Drupal RDFme Plugin

The Data Endpoint feature of RDFme allows to maintain all Drupal data and any other external sources indexed in a local triple store. In addition, the Data Endpoint allows to access all this data via a generic SPARQL endpoint as well as to create and manage custom services based on SPARQL or SPARQLScript.

In comparison to existing RDF and SPARQL modules, the main difference of RDFme is a totally different approach to user interface and interaction with metadata. In RDFme, we put mostly impact on moving between different configurations, loading and unloading data many times over with a variety of mappings. As a follow up of that, we also added some features for customization of data indexing policies and APIs to automatically setup data sources and services (for example using module installation script).

For an example how to use RDFme APIs, including Data Endpoint API, please see our Gi2MO IdeaStream module. It demos how to automatically setup mappings, datasets and services using a Drupal installation script.

List of main features:

  1. [Datasets] RDFme allows to index any sort of RDF data in the local ARC2 store. There are variety of configurations that give different options for updating datasets over time.
  2. [Services] The indexed dataset can be queried using a generic SPARQL endpoint or they can be accessed as REST services defined using SPARQL or SPARQLScript.
  3. [Endpoint Options] The access to entire data endpoint can be limited using standard Drupal permissions system. The indexing of datasets can be handled in Drupal cron cycles. In addition, the generic endpoint can be fully turned off.

Setting up datasets:

Datasets can be any RDF serialized data, e.g. exports of RDF using RDFme, RDF/XML files, remote endpoints accessible with a HTTP protocol etc. RDFme allows to handle every source individually and index it in the triple store under separate graphs. Every dataset can be individually updated or fully reindexed.

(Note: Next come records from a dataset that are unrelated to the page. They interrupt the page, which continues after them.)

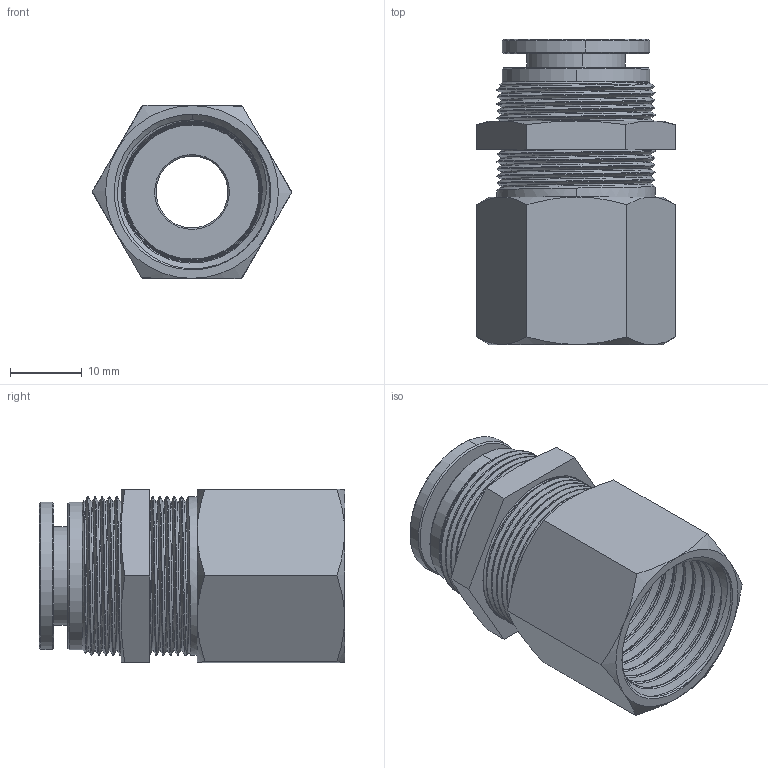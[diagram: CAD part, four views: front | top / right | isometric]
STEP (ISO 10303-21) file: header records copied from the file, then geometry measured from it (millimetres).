
FILE_DESCRIPTION (( 'STEP AP214' ), '1' );
FILE_NAME ('BCS12R1-2W.STEP', '2018-07-12T15:25:42', ( '' ), ( '' ), 'SwSTEP 2.0', 'SolidWorks 2016', '' );
FILE_SCHEMA (( 'AUTOMOTIVE_DESIGN' ));
Length unit declared in the file: millimetre
Products named in the file (1): BCS12R1-2W
Bounding box: 27.71 x 42.43 x 24.12 mm (x, y, z)
Volume: 9724.5 mm3; surface area: 11687 mm2
Topology: 7 solids, 7 shells, 617 faces, 1620 edges, 1022 vertices
Faces by surface type: cone 266, plane 162, cylinder 103, bspline 84, torus 2
Entity records: 40190 total; most frequent: CARTESIAN_POINT 19850, ORIENTED_EDGE 3240, DIRECTION 2227, EDGE_CURVE 1620, VERTEX_POINT 1022, AXIS2_PLACEMENT_3D 931, B_SPLINE_CURVE_WITH_KNOTS 842, EDGE_LOOP 636

In addition, to RDFme allows to define indexing strategies for the datasets:

  • normal – every index cycle the entire graph is deleted and data is reindex from scratch
  • local – uses the internal API of the local RDFme installation. The local Drupal data is indexed based on the RDFme mappings. During index cycles only the data that has changed in Drupal is added to the index (the dataset graph is not wiped).
  • RDFme – similar as local but uses RDFme REST API to connect with remote Drupal instances that have RDFme installed.
  • file – indexing of remote RDF files. In every index cycle RDFme will check if the file has modified and update the graph in triple store only if changes have been detected.

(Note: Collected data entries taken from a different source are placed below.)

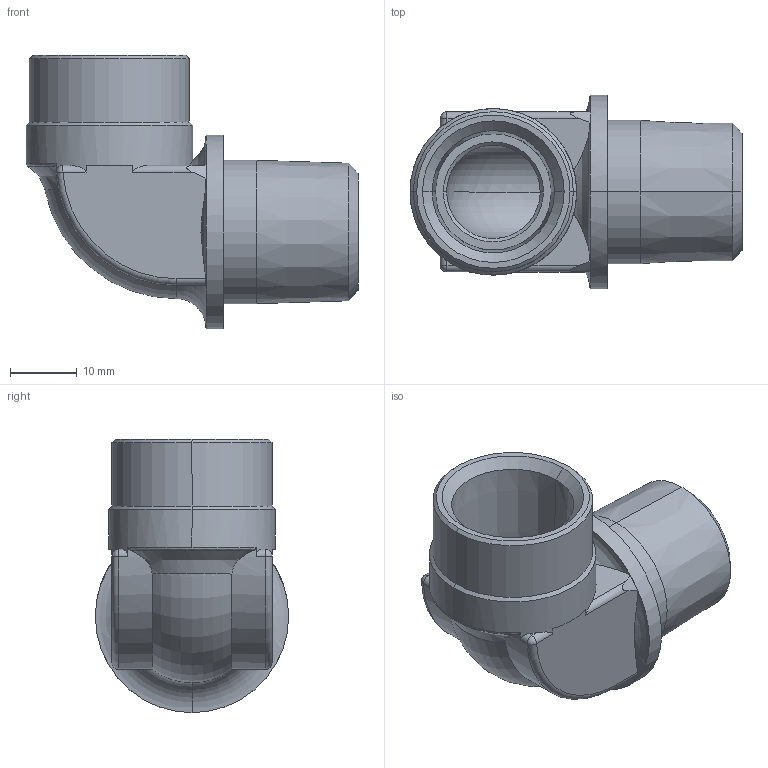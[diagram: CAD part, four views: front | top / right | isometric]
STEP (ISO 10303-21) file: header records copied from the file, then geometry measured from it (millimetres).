
FILE_DESCRIPTION (( 'STEP AP203' ), '1' );
FILE_NAME ('787DT1T1.STEP', '2016-09-12T08:11:50', ( '' ), ( '' ), 'SwSTEP 2.0', 'SolidWorks 2014', '' );
FILE_SCHEMA (( 'CONFIG_CONTROL_DESIGN' ));
Length unit declared in the file: millimetre
Products named in the file (1): 787DT1T1
Bounding box: 49.8 x 29 x 41 mm (x, y, z)
Volume: 14344.5 mm3; surface area: 8034.5 mm2
Topology: 1 solids, 1 shells, 70 faces, 167 edges, 99 vertices
Faces by surface type: cylinder 20, plane 20, cone 14, torus 8, bspline 6, sphere 2
Entity records: 2708 total; most frequent: CARTESIAN_POINT 1088, ORIENTED_EDGE 330, DIRECTION 312, EDGE_CURVE 165, AXIS2_PLACEMENT_3D 128, VERTEX_POINT 99, EDGE_LOOP 74, FACE_OUTER_BOUND 70

Datasets setup screen (click to enlarge).

Managing services:

The RDFme Services are an easy interface to save and share the indexed datasets with users within the limitations set by the administrator. Each service is a SPARQL query or a SPARQLScrpt that allows functionalities similar to SQL stored procedured (conditional statements, loops, variables etc.). Each service can be individually managed and disabled/enabled on demand.

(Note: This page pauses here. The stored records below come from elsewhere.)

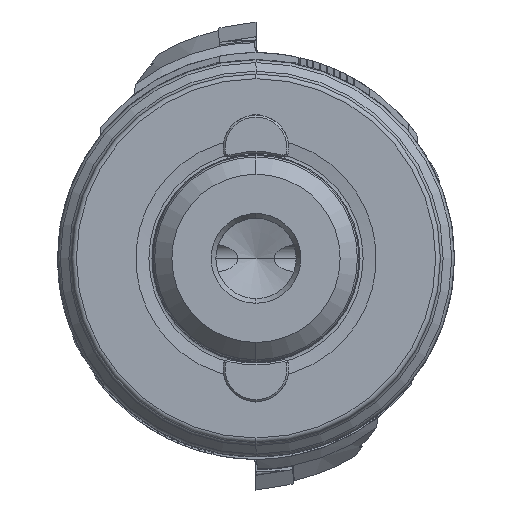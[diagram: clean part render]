
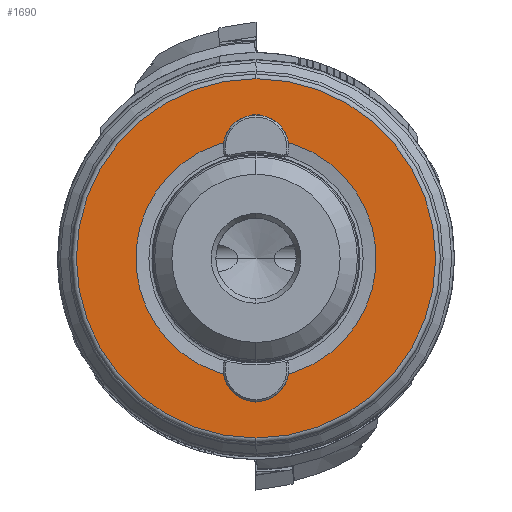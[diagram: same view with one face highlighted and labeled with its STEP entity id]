
A CAD part, left-side view. The second image highlights one B-rep face of the part: STEP entity #1690.
In plain terms, the highlighted planar face has unit normal (-1, 0, 0).
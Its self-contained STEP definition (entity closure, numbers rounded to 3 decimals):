
#60 = AXIS2_PLACEMENT_3D ( 'NONE', #20246, #50437, #24559 ) ;
#1646 = VERTEX_POINT ( 'NONE', #4298 ) ;
#1690 = ADVANCED_FACE ( 'NONE', ( #24251, #12821 ), #3008, .F. ) ;
#2087 = ORIENTED_EDGE ( 'NONE', *, *, #39923, .F. ) ;
#2327 = CIRCLE ( 'NONE', #60, 2. ) ;
#2422 = ORIENTED_EDGE ( 'NONE', *, *, #18073, .T. ) ;
#2463 = DIRECTION ( 'NONE',  ( -1., 0., 0. ) ) ;
#2837 = DIRECTION ( 'NONE',  ( 0., 0., -1. ) ) ;
#2903 = DIRECTION ( 'NONE',  ( 1., 0., 0. ) ) ;
#2978 = ORIENTED_EDGE ( 'NONE', *, *, #45771, .F. ) ;
#3008 = PLANE ( 'NONE',  #9107 ) ;
#3185 = CARTESIAN_POINT ( 'NONE',  ( 0., 12.715, 0. ) ) ;
#3382 = DIRECTION ( 'NONE',  ( 0., 0., 1. ) ) ;
#4298 = CARTESIAN_POINT ( 'NONE',  ( 0., 1.899, 12.572 ) ) ;
#5437 = VERTEX_POINT ( 'NONE', #7934 ) ;
#6483 = ORIENTED_EDGE ( 'NONE', *, *, #11770, .F. ) ;
#7482 = EDGE_LOOP ( 'NONE', ( #35455, #2422 ) ) ;
#7503 = DIRECTION ( 'NONE',  ( -1., 0., 0. ) ) ;
#7934 = CARTESIAN_POINT ( 'NONE',  ( 0., -1.899, -12.572 ) ) ;
#8146 = CARTESIAN_POINT ( 'NONE',  ( 0., 0., 13.2 ) ) ;
#8337 = EDGE_CURVE ( 'NONE', #1646, #47150, #25824, .T. ) ;
#9107 = AXIS2_PLACEMENT_3D ( 'NONE', #3185, #2903, #2837 ) ;
#9609 = CARTESIAN_POINT ( 'NONE',  ( 0., 0., -13.2 ) ) ;
#11326 = VERTEX_POINT ( 'NONE', #16913 ) ;
#11770 = EDGE_CURVE ( 'NONE', #54727, #1646, #2327, .T. ) ;
#12498 = EDGE_LOOP ( 'NONE', ( #2087, #49667, #26961, #30359, #6483, #2978 ) ) ;
#12520 = DIRECTION ( 'NONE',  ( 0., 0., 1. ) ) ;
#12821 = FACE_OUTER_BOUND ( 'NONE', #7482, .T. ) ;
#13980 = DIRECTION ( 'NONE',  ( 0., 0., 1. ) ) ;
#14187 = CARTESIAN_POINT ( 'NONE',  ( 0., 0., 0. ) ) ;
#14850 = CIRCLE ( 'NONE', #36680, 19. ) ;
#15119 = AXIS2_PLACEMENT_3D ( 'NONE', #9609, #39717, #13980 ) ;
#16913 = CARTESIAN_POINT ( 'NONE',  ( 0., 0., -15.2 ) ) ;
#18073 = EDGE_CURVE ( 'NONE', #25210, #18285, #14850, .T. ) ;
#18285 = VERTEX_POINT ( 'NONE', #52226 ) ;
#18485 = DIRECTION ( 'NONE',  ( 0., 0., 1. ) ) ;
#18569 = DIRECTION ( 'NONE',  ( -1., 0., 0. ) ) ;
#20246 = CARTESIAN_POINT ( 'NONE',  ( 0., 0., 13.2 ) ) ;
#22366 = EDGE_CURVE ( 'NONE', #47150, #11326, #43571, .T. ) ;
#24251 = FACE_BOUND ( 'NONE', #12498, .T. ) ;
#24559 = DIRECTION ( 'NONE',  ( 0., 0., 1. ) ) ;
#24575 = CARTESIAN_POINT ( 'NONE',  ( 0., -1.899, 12.572 ) ) ;
#25210 = VERTEX_POINT ( 'NONE', #45670 ) ;
#25824 = CIRCLE ( 'NONE', #27801, 12.715 ) ;
#26961 = ORIENTED_EDGE ( 'NONE', *, *, #22366, .F. ) ;
#27348 = AXIS2_PLACEMENT_3D ( 'NONE', #8146, #38289, #12520 ) ;
#27801 = AXIS2_PLACEMENT_3D ( 'NONE', #14187, #44260, #18485 ) ;
#28364 = CARTESIAN_POINT ( 'NONE',  ( 0., 0., 0. ) ) ;
#29237 = DIRECTION ( 'NONE',  ( -1., 0., 0. ) ) ;
#29341 = CIRCLE ( 'NONE', #15119, 2. ) ;
#30359 = ORIENTED_EDGE ( 'NONE', *, *, #8337, .F. ) ;
#32643 = DIRECTION ( 'NONE',  ( 0., 0., 1. ) ) ;
#32648 = CIRCLE ( 'NONE', #34035, 12.715 ) ;
#33297 = CARTESIAN_POINT ( 'NONE',  ( 0., 0., 0. ) ) ;
#34035 = AXIS2_PLACEMENT_3D ( 'NONE', #44340, #18569, #48738 ) ;
#34704 = AXIS2_PLACEMENT_3D ( 'NONE', #55127, #29237, #3382 ) ;
#35455 = ORIENTED_EDGE ( 'NONE', *, *, #50229, .T. ) ;
#36680 = AXIS2_PLACEMENT_3D ( 'NONE', #33297, #7503, #37657 ) ;
#37225 = CARTESIAN_POINT ( 'NONE',  ( 0., 0., 15.2 ) ) ;
#37657 = DIRECTION ( 'NONE',  ( 0., 0., 1. ) ) ;
#38289 = DIRECTION ( 'NONE',  ( -1., 0., 0. ) ) ;
#38444 = CIRCLE ( 'NONE', #42670, 19. ) ;
#39717 = DIRECTION ( 'NONE',  ( -1., 0., 0. ) ) ;
#39923 = EDGE_CURVE ( 'NONE', #5437, #52987, #32648, .T. ) ;
#42670 = AXIS2_PLACEMENT_3D ( 'NONE', #28364, #2463, #32643 ) ;
#43571 = CIRCLE ( 'NONE', #34704, 2. ) ;
#44260 = DIRECTION ( 'NONE',  ( -1., 0., 0. ) ) ;
#44340 = CARTESIAN_POINT ( 'NONE',  ( 0., 0., 0. ) ) ;
#45670 = CARTESIAN_POINT ( 'NONE',  ( 0., 0., -19. ) ) ;
#45771 = EDGE_CURVE ( 'NONE', #52987, #54727, #46380, .T. ) ;
#46380 = CIRCLE ( 'NONE', #27348, 2. ) ;
#47150 = VERTEX_POINT ( 'NONE', #52084 ) ;
#48738 = DIRECTION ( 'NONE',  ( 0., 0., 1. ) ) ;
#49667 = ORIENTED_EDGE ( 'NONE', *, *, #54178, .F. ) ;
#50229 = EDGE_CURVE ( 'NONE', #18285, #25210, #38444, .T. ) ;
#50437 = DIRECTION ( 'NONE',  ( -1., 0., 0. ) ) ;
#52084 = CARTESIAN_POINT ( 'NONE',  ( 0., 1.899, -12.572 ) ) ;
#52226 = CARTESIAN_POINT ( 'NONE',  ( 0., 0., 19. ) ) ;
#52987 = VERTEX_POINT ( 'NONE', #24575 ) ;
#54178 = EDGE_CURVE ( 'NONE', #11326, #5437, #29341, .T. ) ;
#54727 = VERTEX_POINT ( 'NONE', #37225 ) ;
#55127 = CARTESIAN_POINT ( 'NONE',  ( 0., 0., -13.2 ) ) ;

To help the administrators in writing the service script we integrated simple code highlighting using WYSIWYG module and CodeMirror plugin. In order to use this feature, your Durpal installation needs to have a “SPARQL” input format defined. If the WYSIWYG module is available and its CodeMirror plugin has been installed properly, RDFme will attempt to create the input format automatically during it’s installation. You can get all the needed files in the RDFme bundle distribution.

Services setup screen (click to enlarge).

Additional Data Endpoint options:

The option panel of Data Endpoint allows to configure the following aspect of the module:

  • generic endpoint – the generic endpoint is a regular SPARQL web service that enables to query all datasets together with any constructs of the SPARQL language. In the options screen it is possible to complete disable this feature (for example for security reasons).
  • cron indexing – by default the datasets are indexed when being added for the first time. If you want to ensure that they are always up to date you should use the regular Drupal CRON script (cron.php). In the options screen you can enable or disable indexing of dataset in the cron cycles of Drupal.

In addition, the access to the generic SPARQL endpoint can be configured using regular Drupal permissions system.

Data Endpoint options screen (click to enlarge).